Application of the Cauchy-Schwartz inequality and basic properties of \(S_{rs}\) and \(T_{rs}\) yields
\begin{equation}\label{eq:curv} \biggl\lvert \frac{1}{R^2} \bigl( \langle S_{rs}(\nabla^k u), \nabla^k u\rangle_g + \langle T_{rs} (\nabla^k u), T_{rs}(\nabla^k u)\rangle_g \bigr)\biggr\rvert \le \frac{2}{R^2} \langle \nabla^k u, \nabla^k u\rangle \end{equation}(see (0x68dcfaac) ).

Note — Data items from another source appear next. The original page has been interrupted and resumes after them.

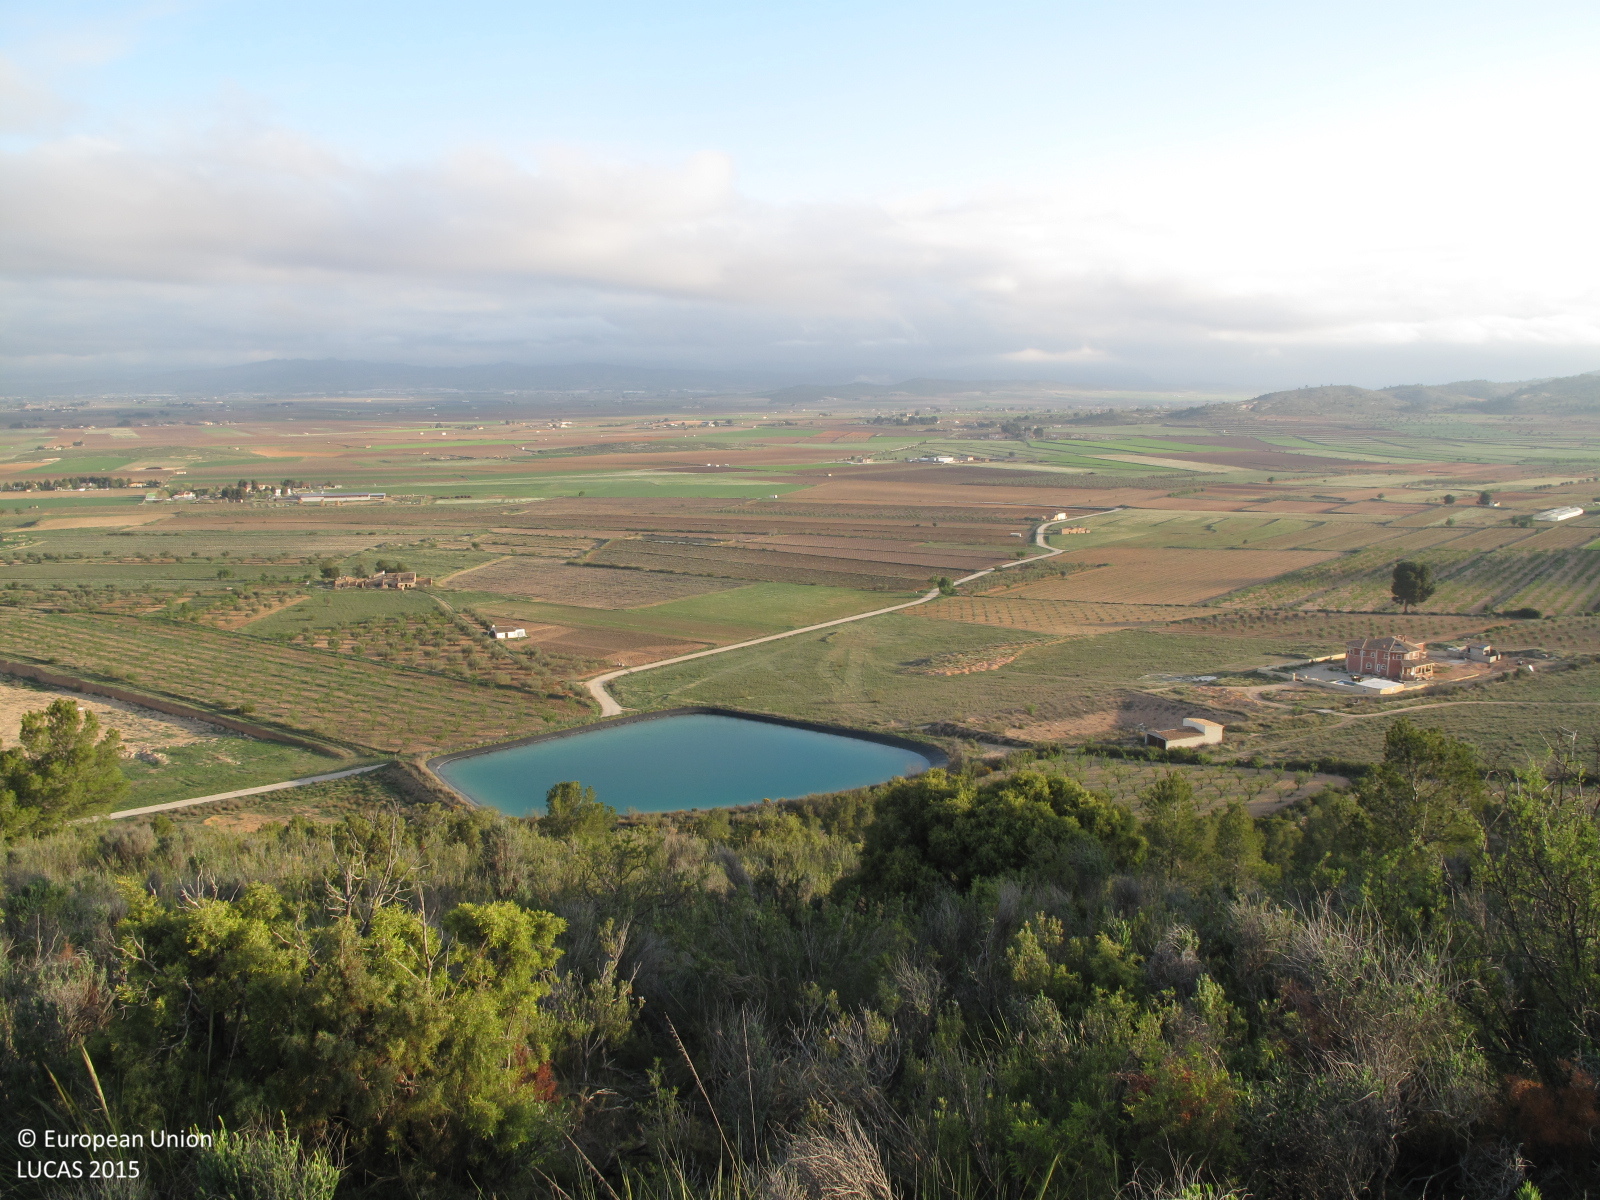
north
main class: Shrubland
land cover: Shrubland with sparse tree cover
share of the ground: > 75 %
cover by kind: shrubs 70 %, herbaceous plants 20 %, coniferous forest trees 5 %, consolidated bare surface 5 %
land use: Semi-natural and natural areas not in use
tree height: < 5 m
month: April
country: ES
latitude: 38.5290
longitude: -1.0364
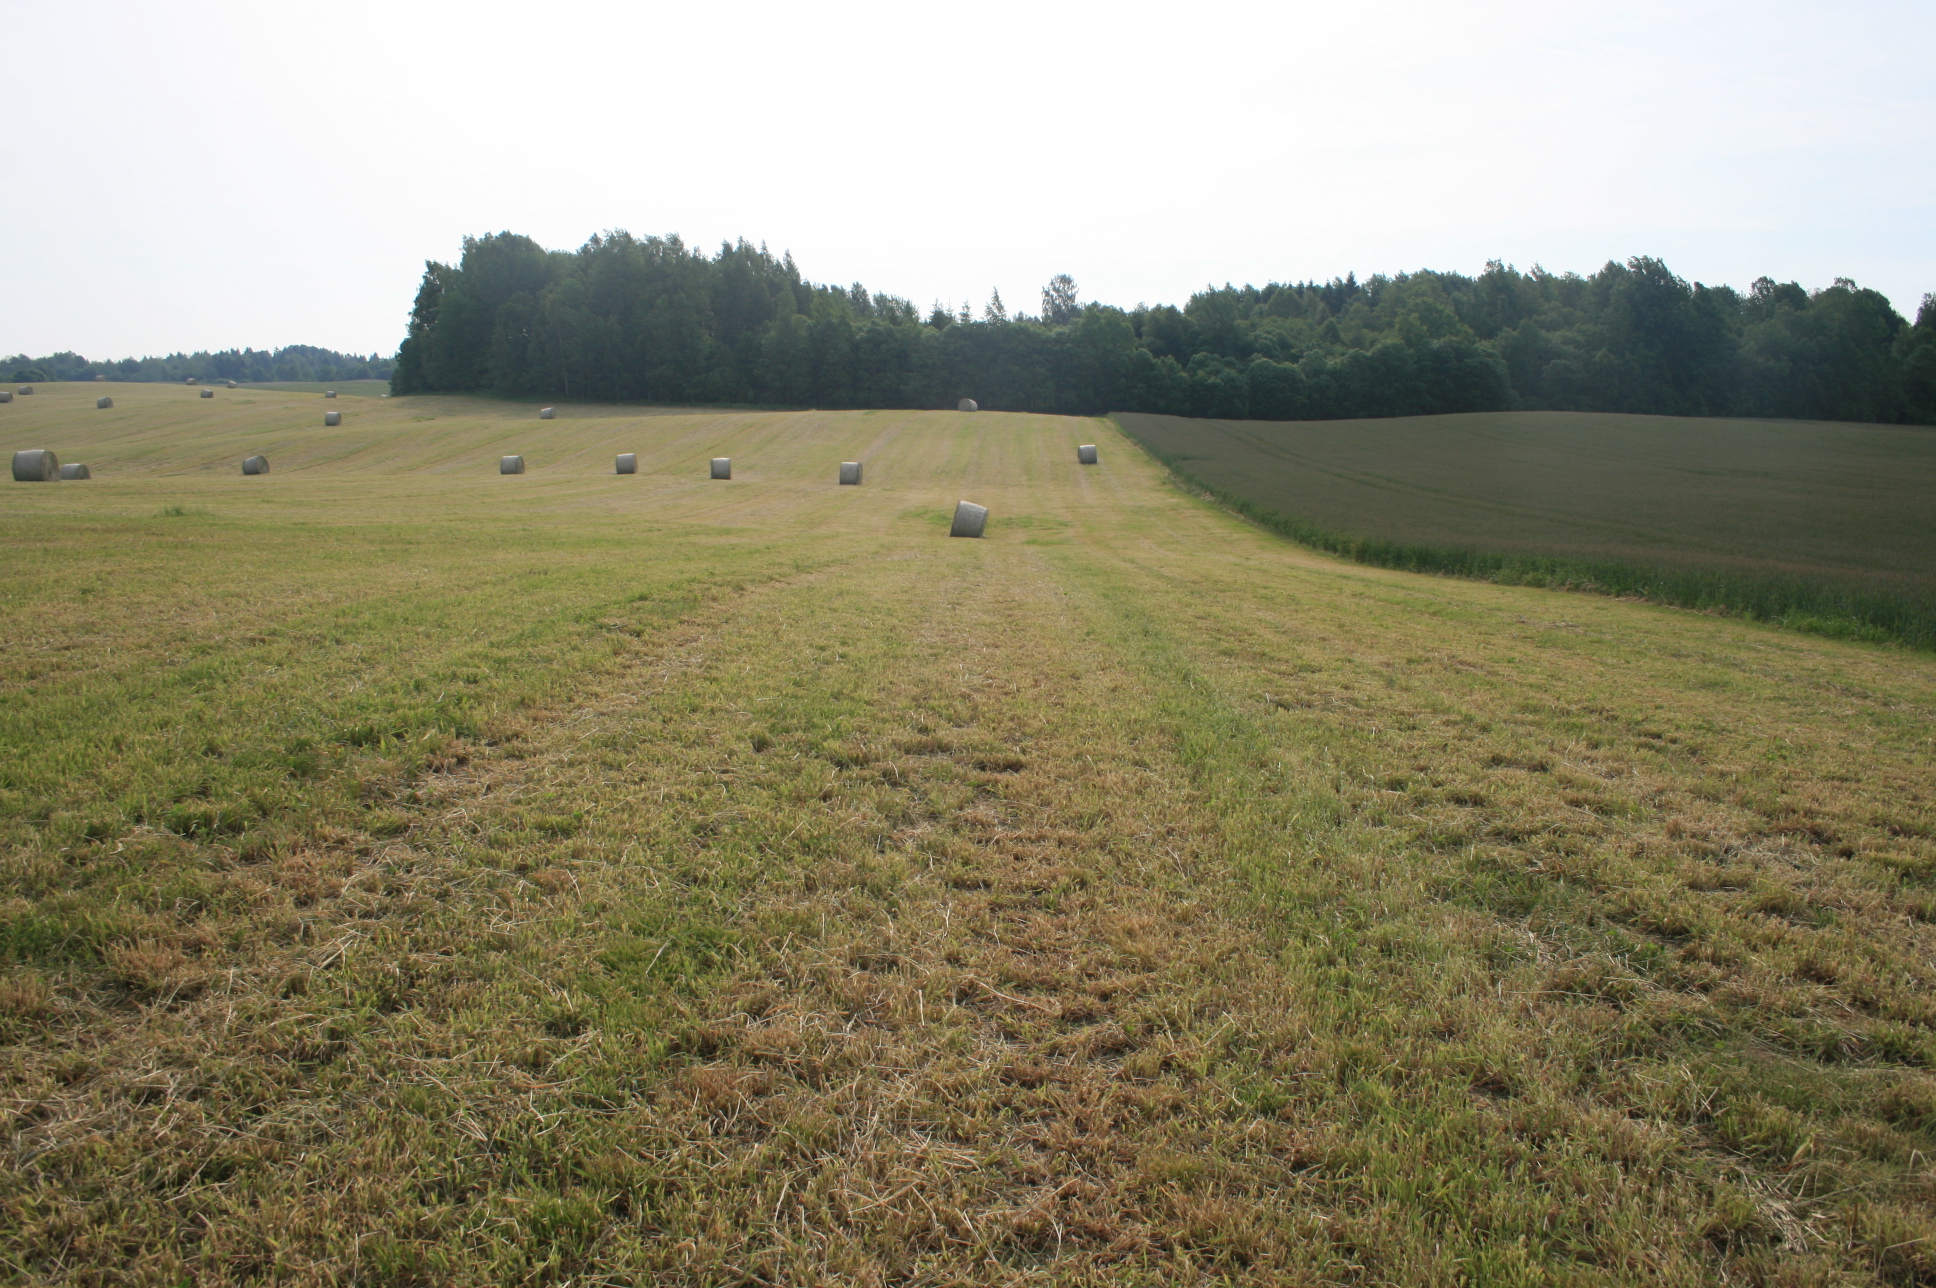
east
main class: Grassland
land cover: Grassland without tree/shrub cover
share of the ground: > 75 %
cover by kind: herbaceous plants 100 %
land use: Agriculture (excluding fallow land and kitchen gardens)
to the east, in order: Grassland without tree/shrub cover; Broadleaved woodland
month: June
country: LT
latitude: 55.7269
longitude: 22.2367
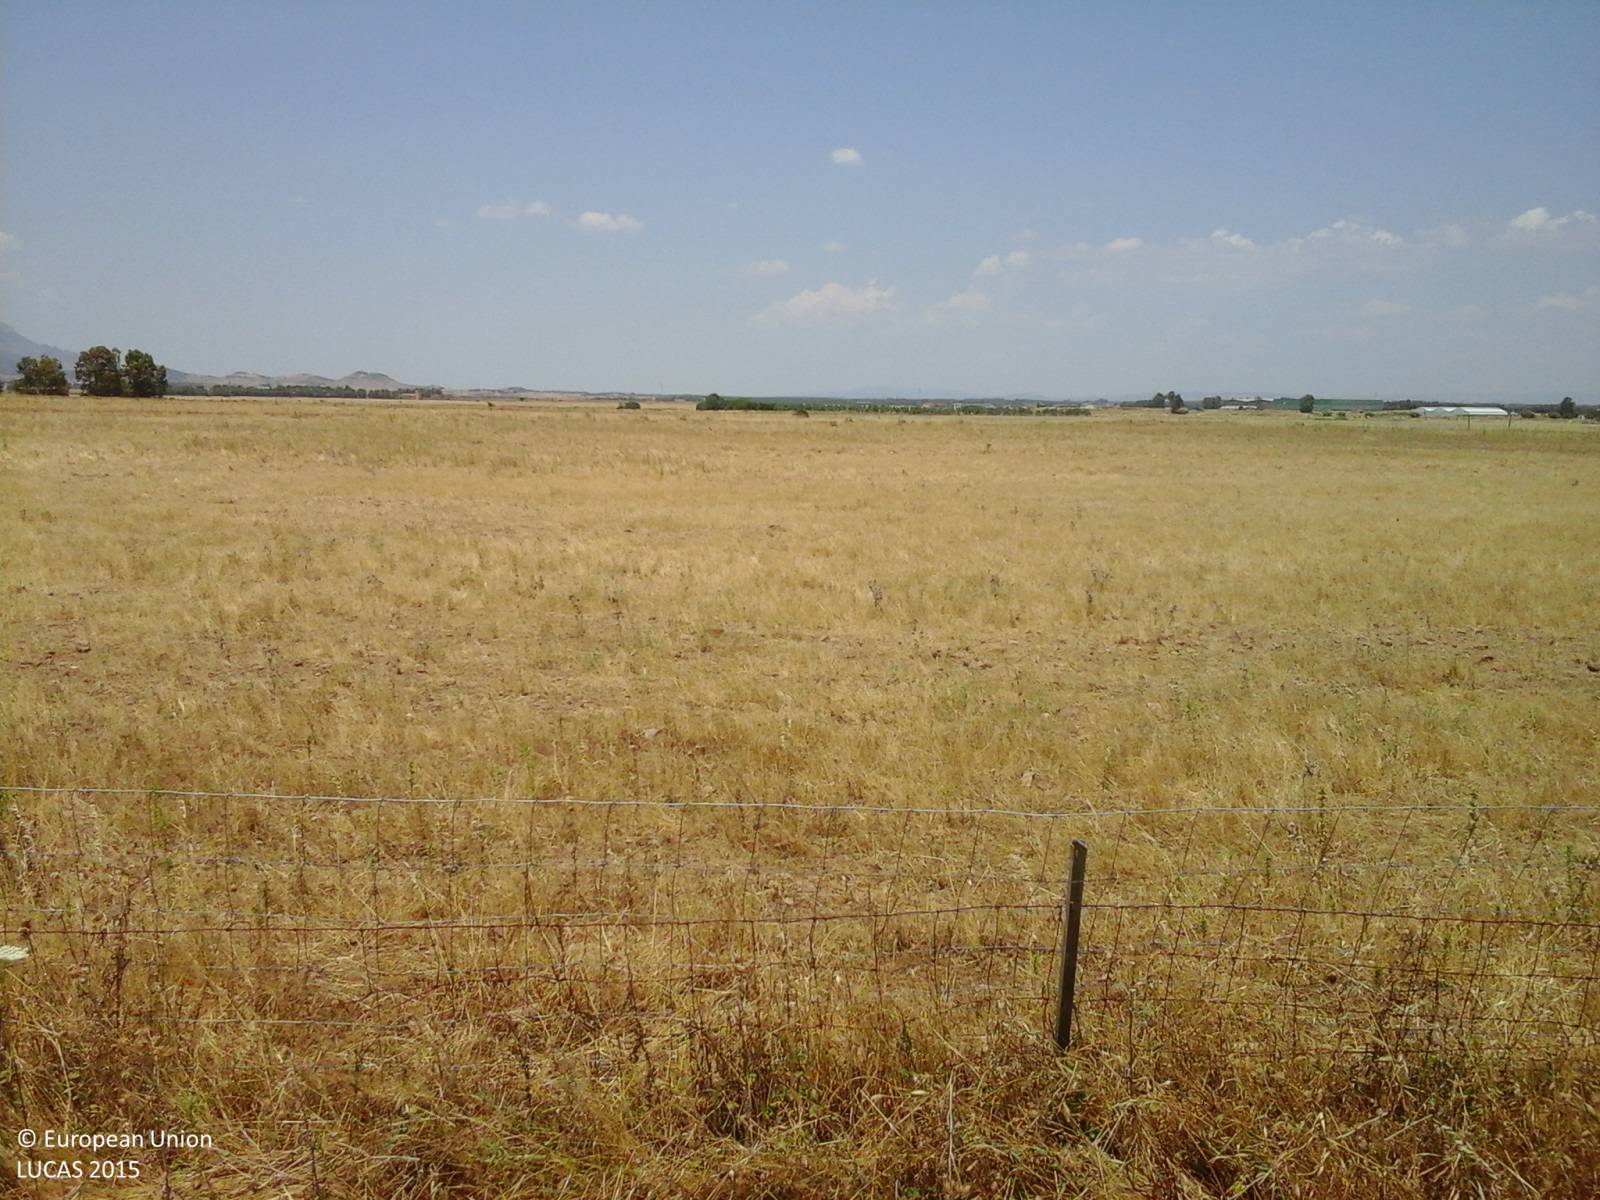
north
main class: Grassland
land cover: Spontaneously vegetated surfaces
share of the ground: > 75 %
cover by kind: herbaceous plants 85 %, unconsolidated bare surface 15 %
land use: Agriculture (excluding fallow land and kitchen gardens)
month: June
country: IT
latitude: 39.3369
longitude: 8.8584

Combining \eqref{eq:div}, \eqref{eq:ricci} and \eqref{eq:curv} yields
\[ \bigl\lvert \langle -\div (\nabla^k u), \nabla^k u\rangle_g\bigr\rvert \le \bigl\lvert\langle \nabla^k (- \Delta u), \nabla^k u\rangle_g\bigr\rvert +\Bigl(k \tfrac{d-1}{R^2} + \tfrac{k (k-1)}{R^2} \Bigr) \langle \nabla^k u, \nabla^k u\rangle_g. \]Since
\[ \bigl\lvert\langle \nabla^k (- \Delta u), \nabla^k u\rangle_g\bigr\rvert \le E \langle \nabla^k u, \nabla^k u\rangle_g \](see (0x68dcfc53) ), we obtain
\begin{equation}\label{eq:local_bernstein} \langle \nabla^{k+1} u , \nabla^{k+1} u \rangle_g \leq \Bigl( E + \tfrac{d-1}{R^2} (k+1)^2 \Bigr) \langle \nabla^k u , \nabla^k u \rangle_g. \end{equation}By \eqref{eq:local_bernstein} and the induction hypothesis, we finally deduce
\[ \lVert \nabla^{k+1} u\rVert^2_{L^2(\mathbb{S}^d_R)} \leq \Bigl( E + \tfrac{d}{R^2} (k+1)^2 \Bigr) \lVert \nabla^k u\rVert^2_{L^2(\mathbb{S}^d_R)} \le \bigl(E+\tfrac{d}{R^2} (k+1)^2\bigr)^{k+1} \lVert u\rVert_{L^2(\mathbb{S}^d_{R})}^2, \]what was to be shown.